B.H. Fairchild reviews Body Painting

Body Painting Jane Hilberry. Red Hen (CDC, dist.) $13.95 (72 p) ISBN 1-59709-013-1

If this is the book of the body, its lineaments are those of not only erotic but spiritual desire. Here friends and lovers, mothers and children, intermingle as in the morning light and shadow of a forgotten room, and the source of that light is Hilberry's very distinctive lyric voice, constantly surprising us with its subdued wit and deep understanding of what it means to be human.

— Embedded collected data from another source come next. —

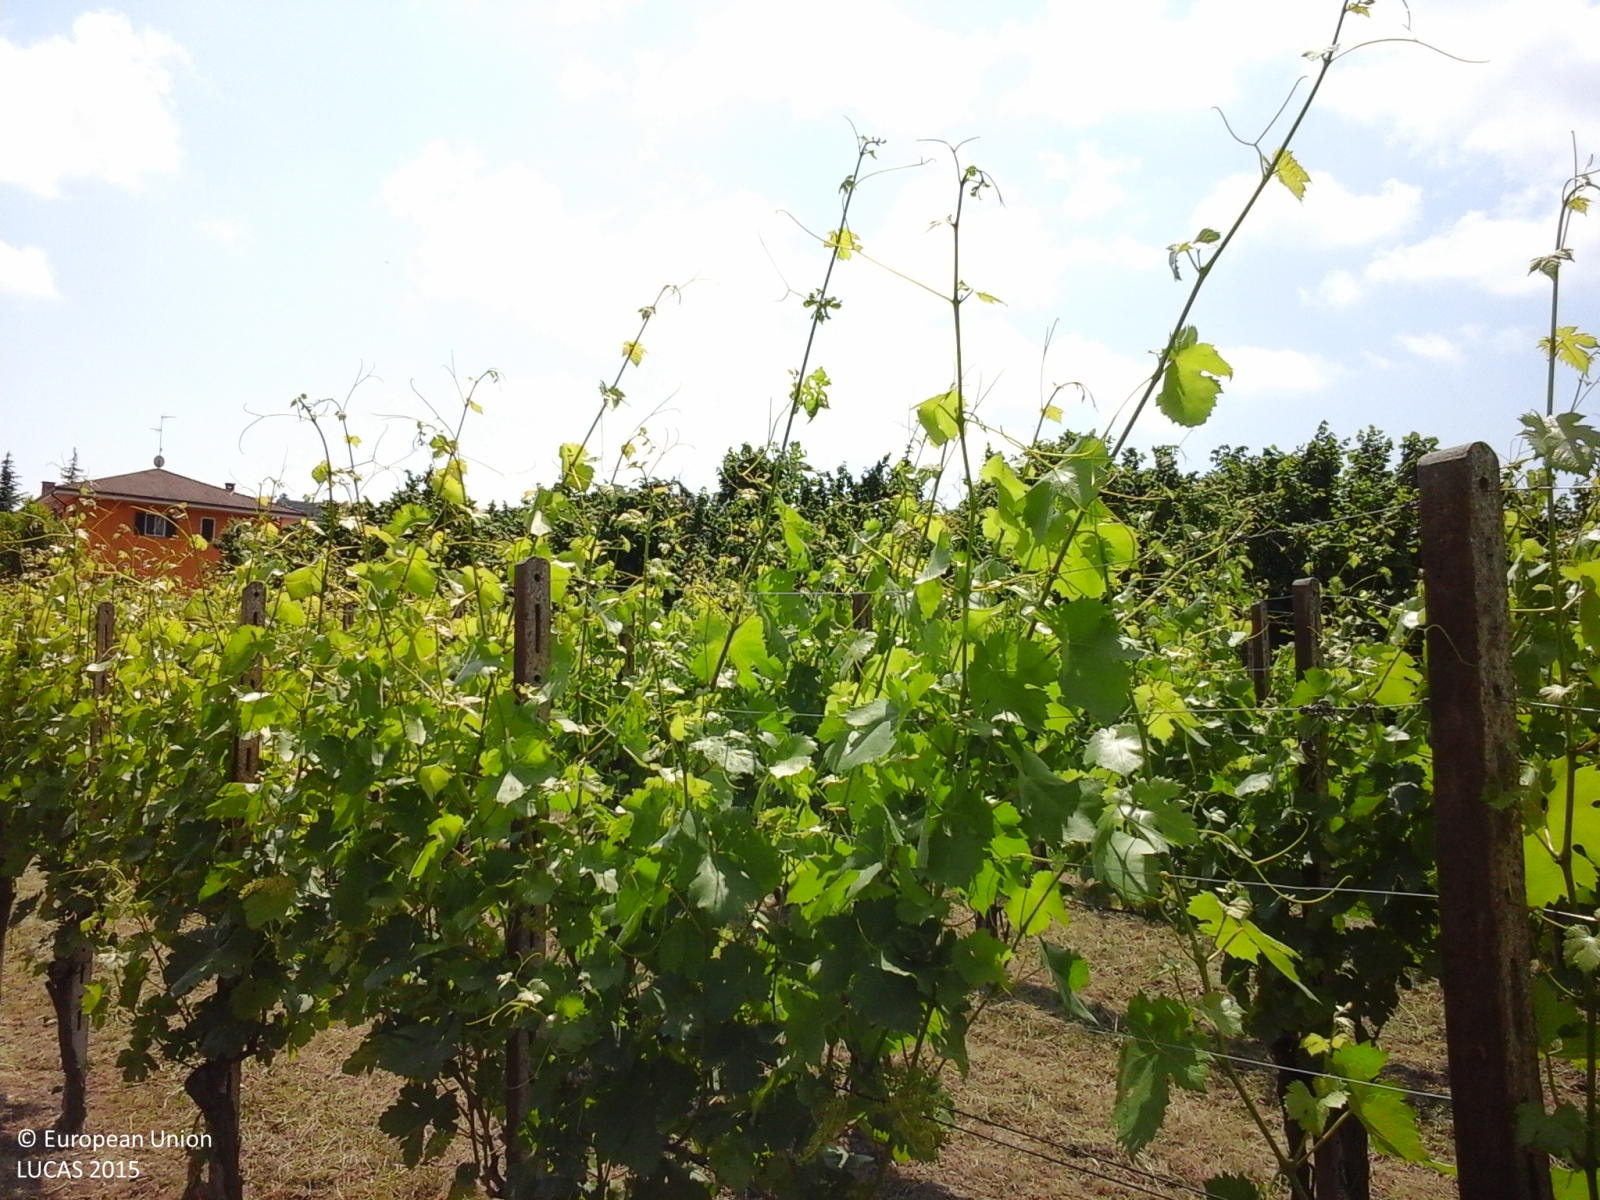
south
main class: Cropland
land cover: Vineyards
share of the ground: 25 - 50 %
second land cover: Grassland without tree/shrub cover
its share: > 75 %
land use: Agriculture (excluding fallow land and kitchen gardens)
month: May
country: IT
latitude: 44.7506
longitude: 8.2478
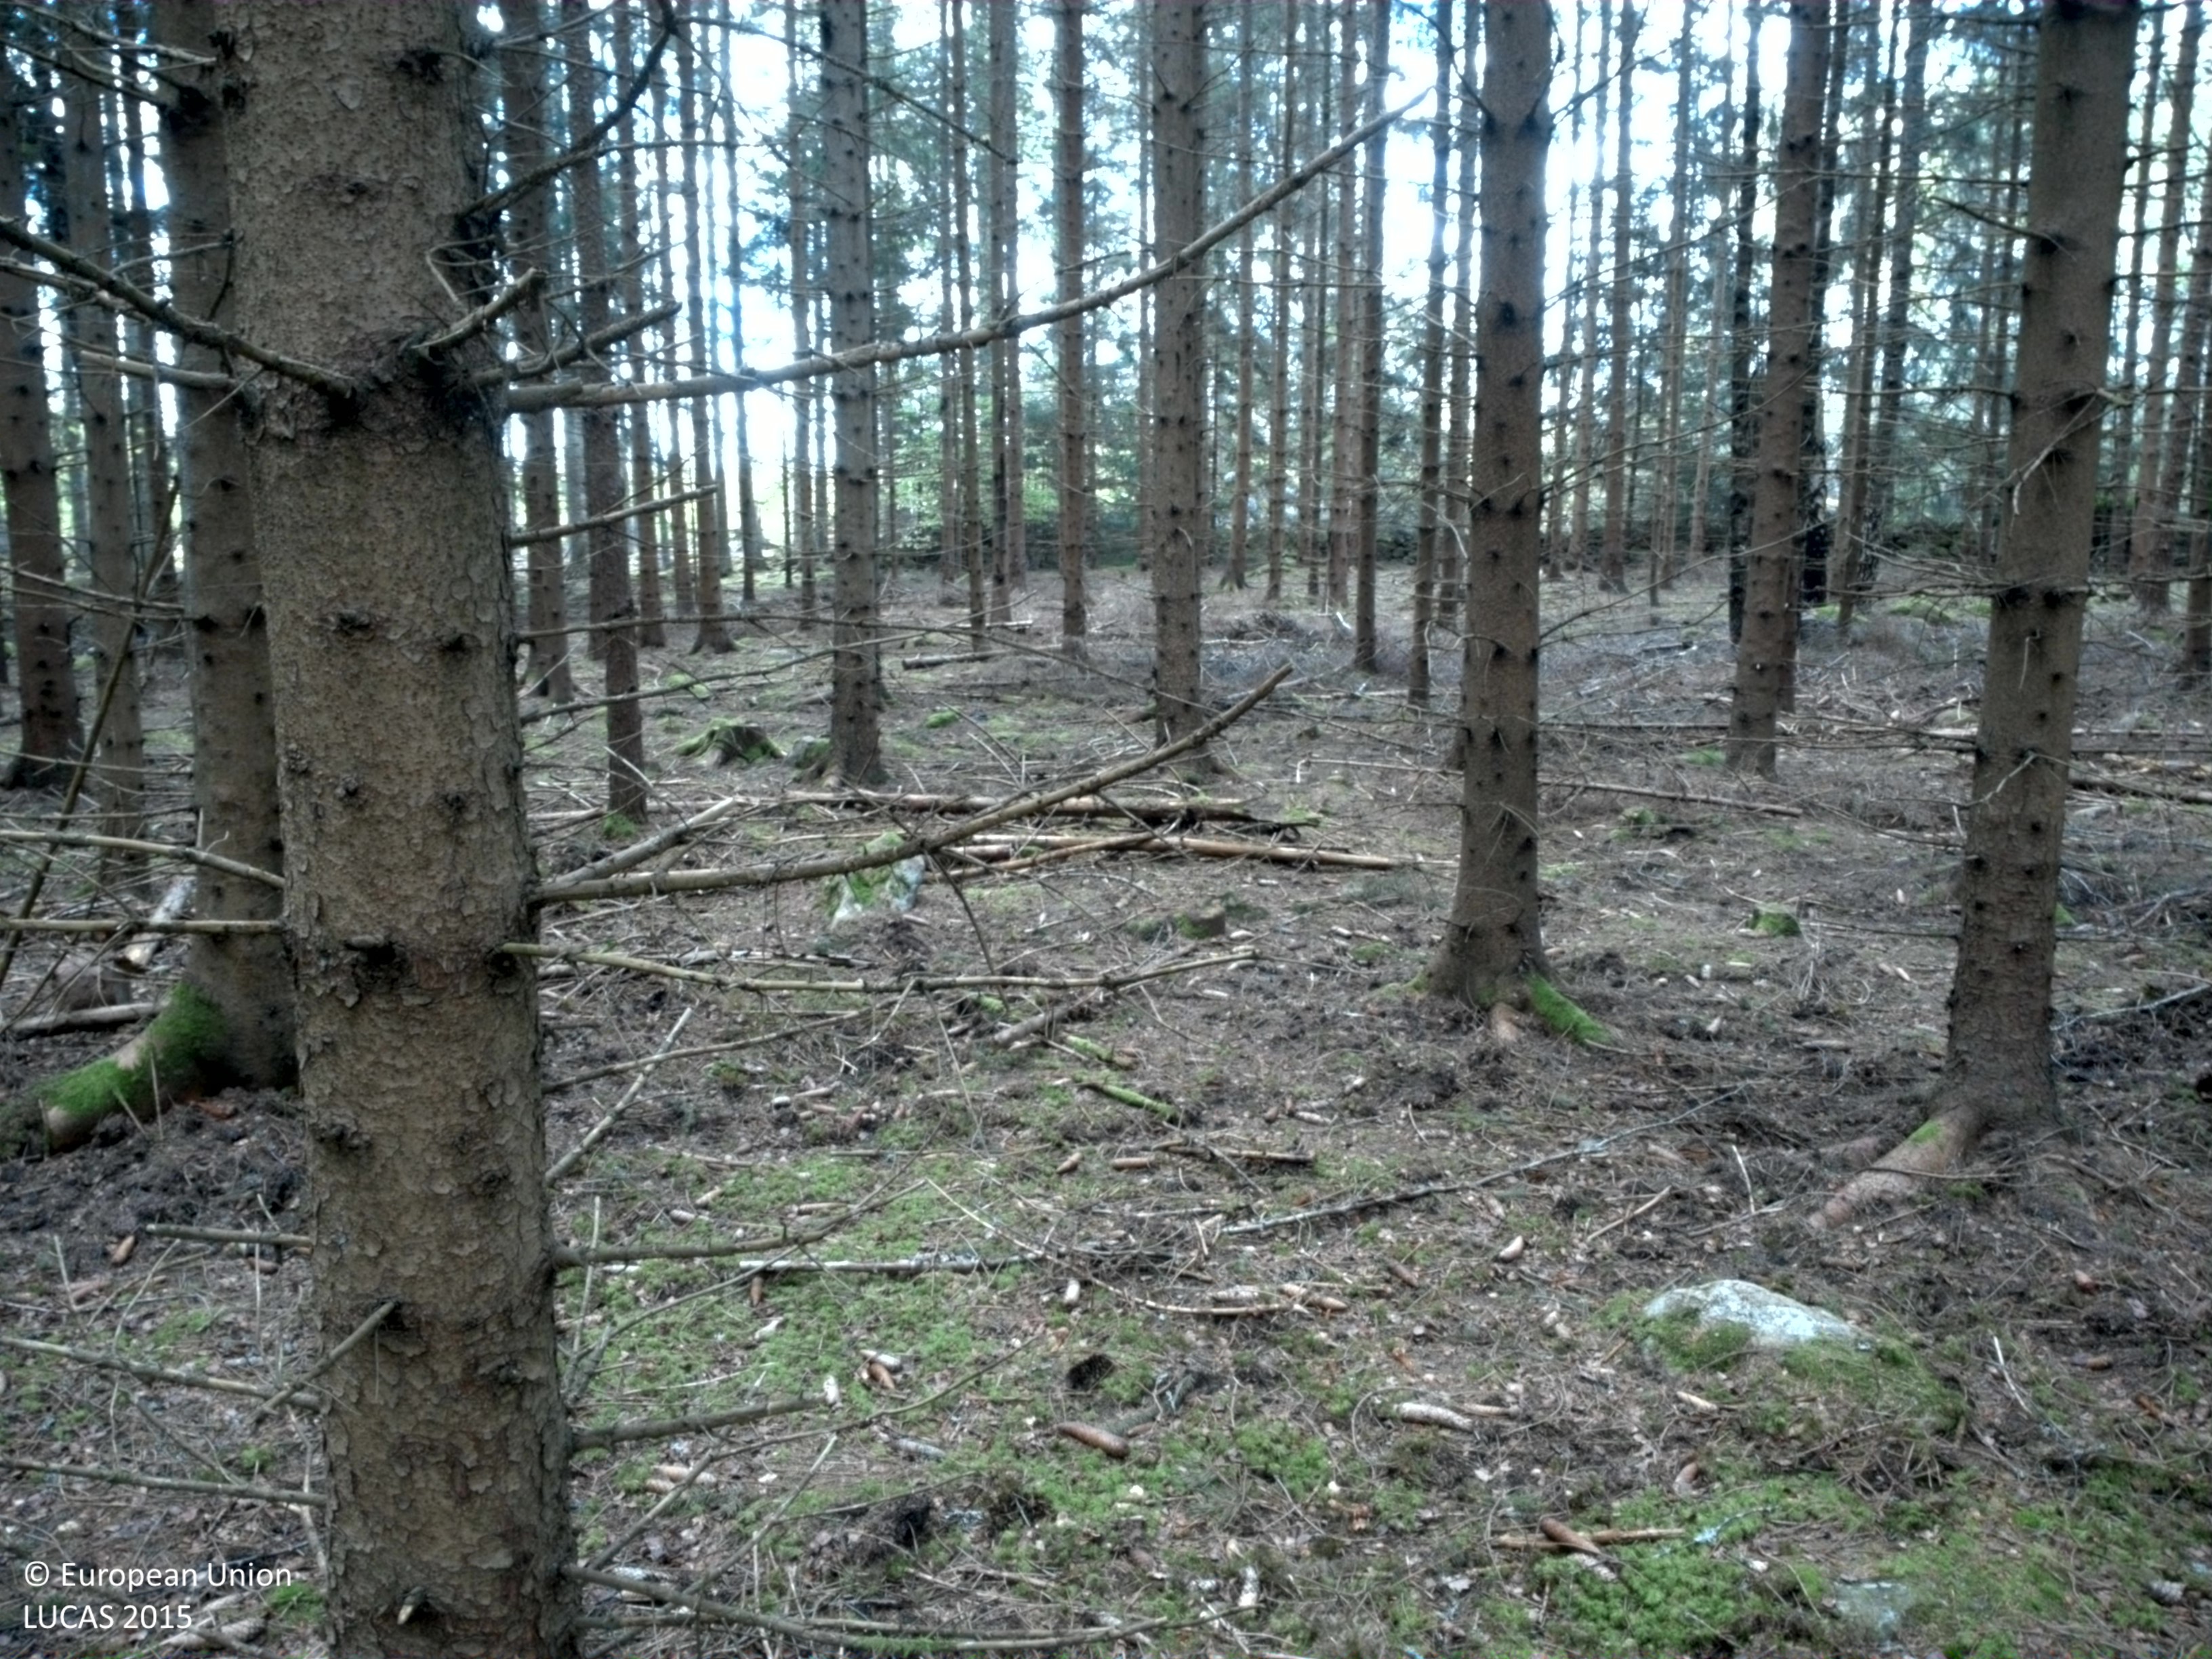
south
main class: Woodland
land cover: Spruce dominated coniferous woodland
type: boreal forest
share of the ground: > 75 %
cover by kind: coniferous forest trees 95 %, broadleaved forest trees 5 %
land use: Forestry
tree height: > 5 m
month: May
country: SE
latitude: 56.4884
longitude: 15.4069
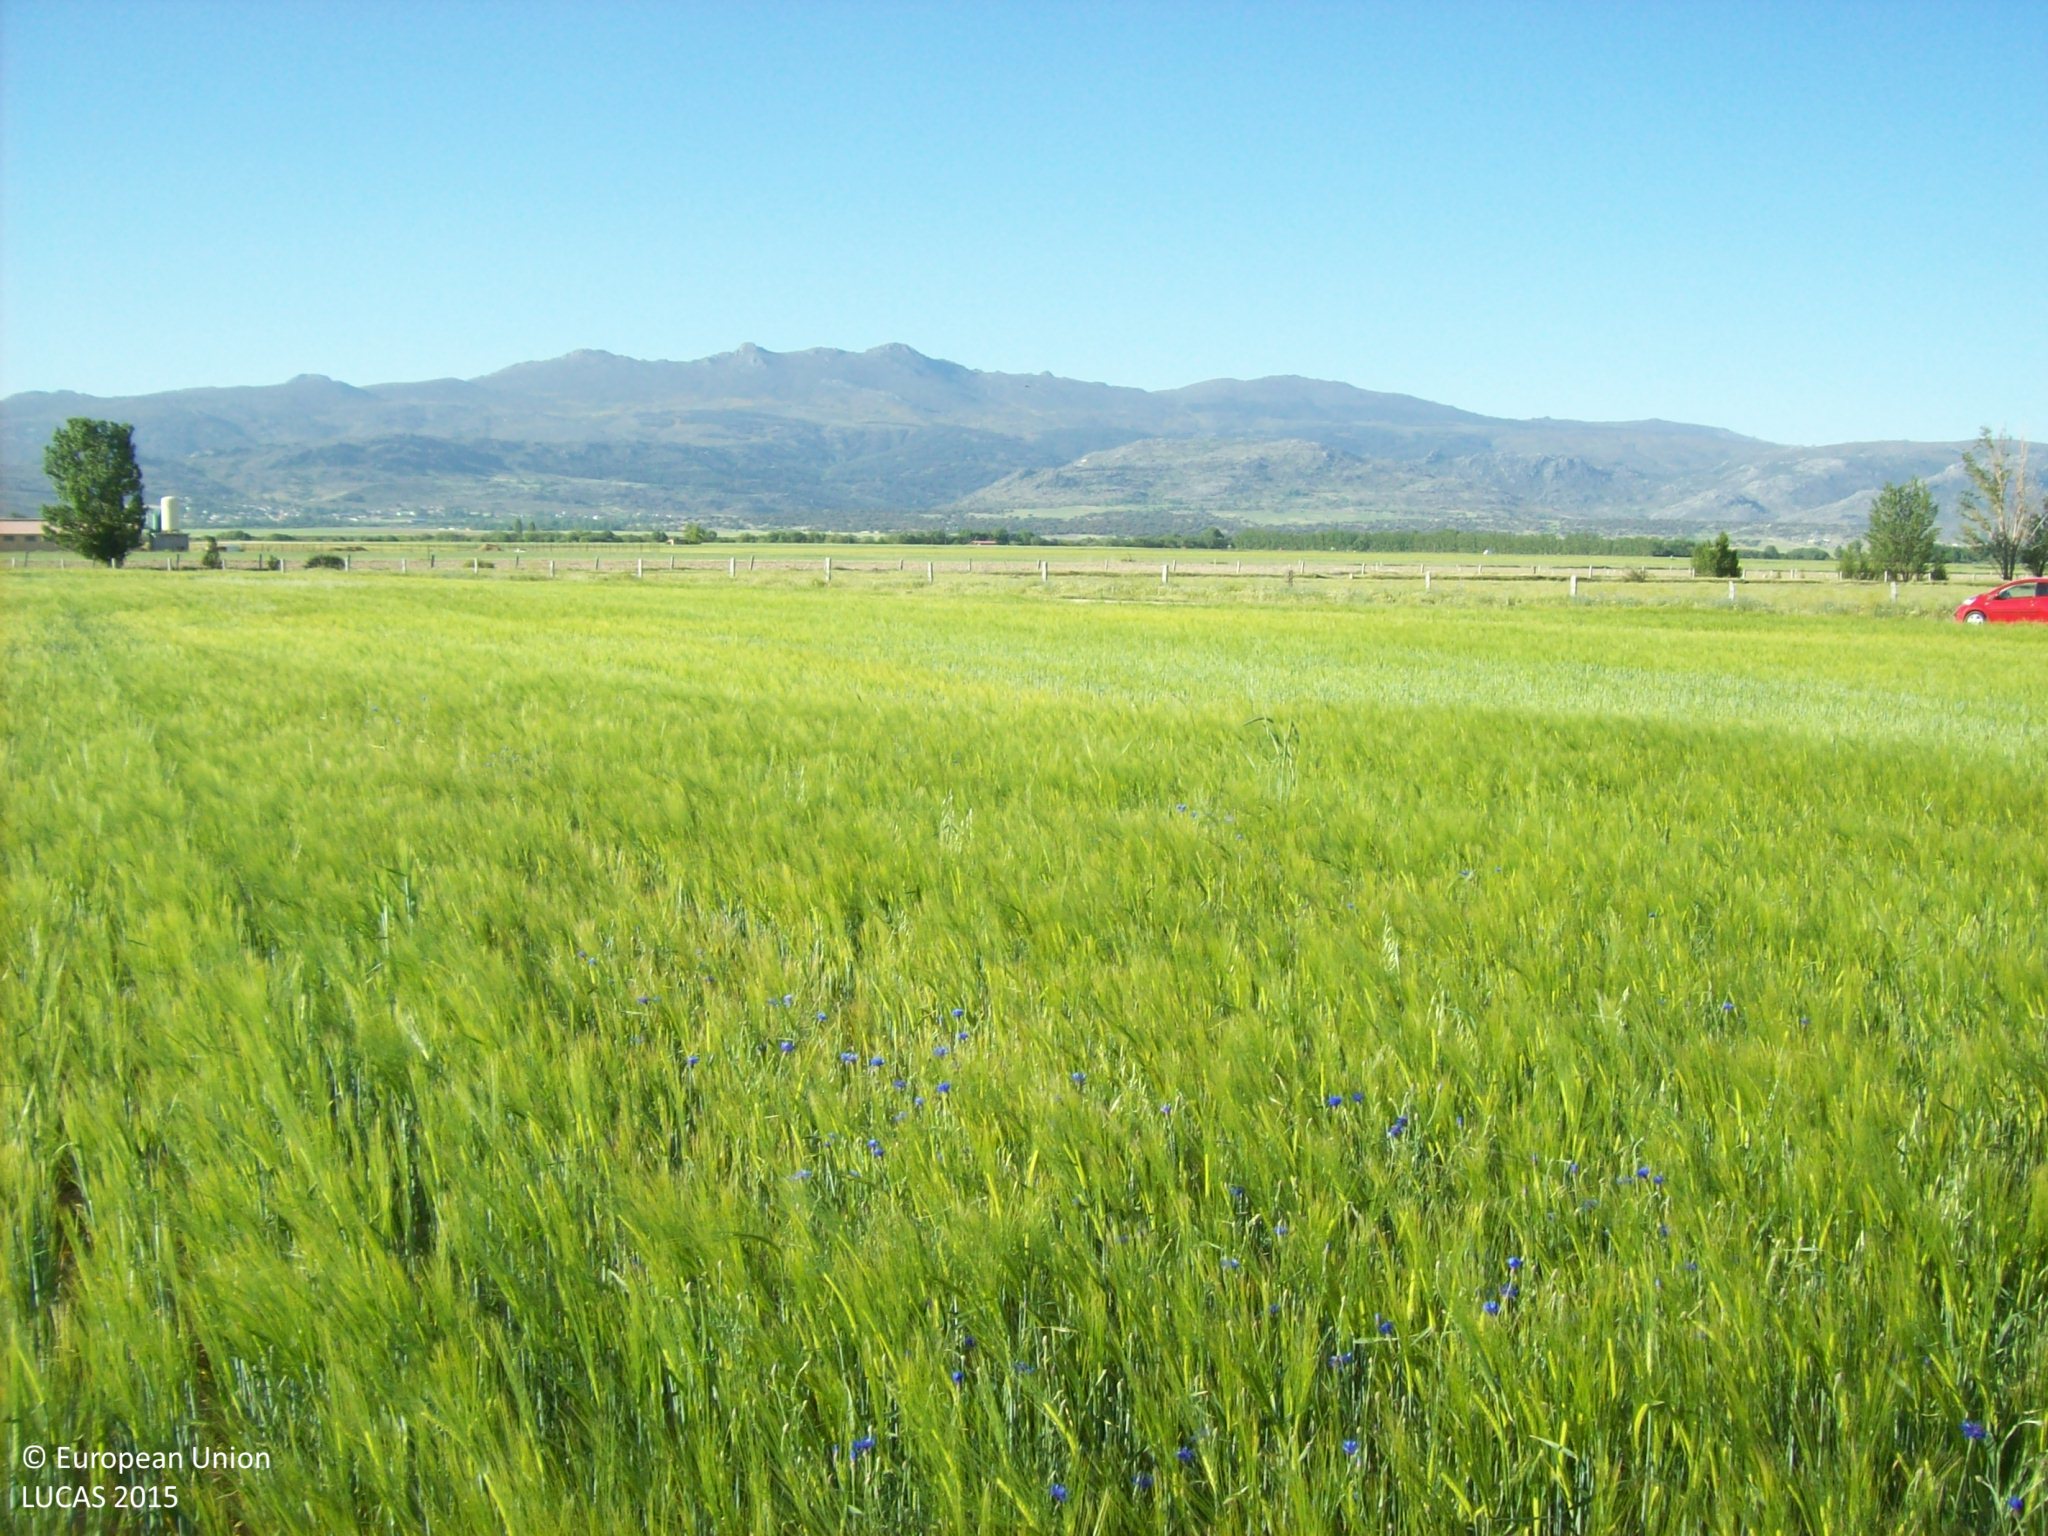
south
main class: Cropland
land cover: Barley
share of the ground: > 75 %
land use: Agriculture (excluding fallow land and kitchen gardens)
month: May
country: ES
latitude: 40.5965
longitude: -4.8638

Publishers Weekly reviews Bestiary

Bestiary Elise Paschen. Red Hen (CDC, dist.), $16.95 (80p) ISBN 978-1-56709-131-2

The passionate, yet controlled, third volume from Paschen (Infidelities) pursues the likenesses between human beings and other sorts of beasts: Paschen watches domestic animals, visits zoos and backyards, and records the instincts that animate her, as lover, mother, daughter and citizen. Husband and wife "share a wedded habitat"; a mother breastfeeding her daughter "would like to buzz/ into the orchid of your ear," while a manatee looks to the poet like "a mistaken mermaid,/ on the brink of vanishing from sight." Paschen offers sonnets, villanelles and even a ghazal, in which butterflies in an exhibit "invent a sky beneath the dome." Readers might remember not the moments of pure description, but the difficult emotions Paschen describes in her poems about marital love, motherhood and finally a daughter's grief. The urn with her father's ashes dominates one poem, and her late mother's career as a ballet dancer takes over another: "Mother, when I was young, I watched/ you from the wings and saw the sweat," Paschen writes, saw "your gasp/ for breath. I thought it was your last." If we are animals, Paschen suggests, we are the animals who look hard at one another, the animals who remember and who mourn. (Jan.)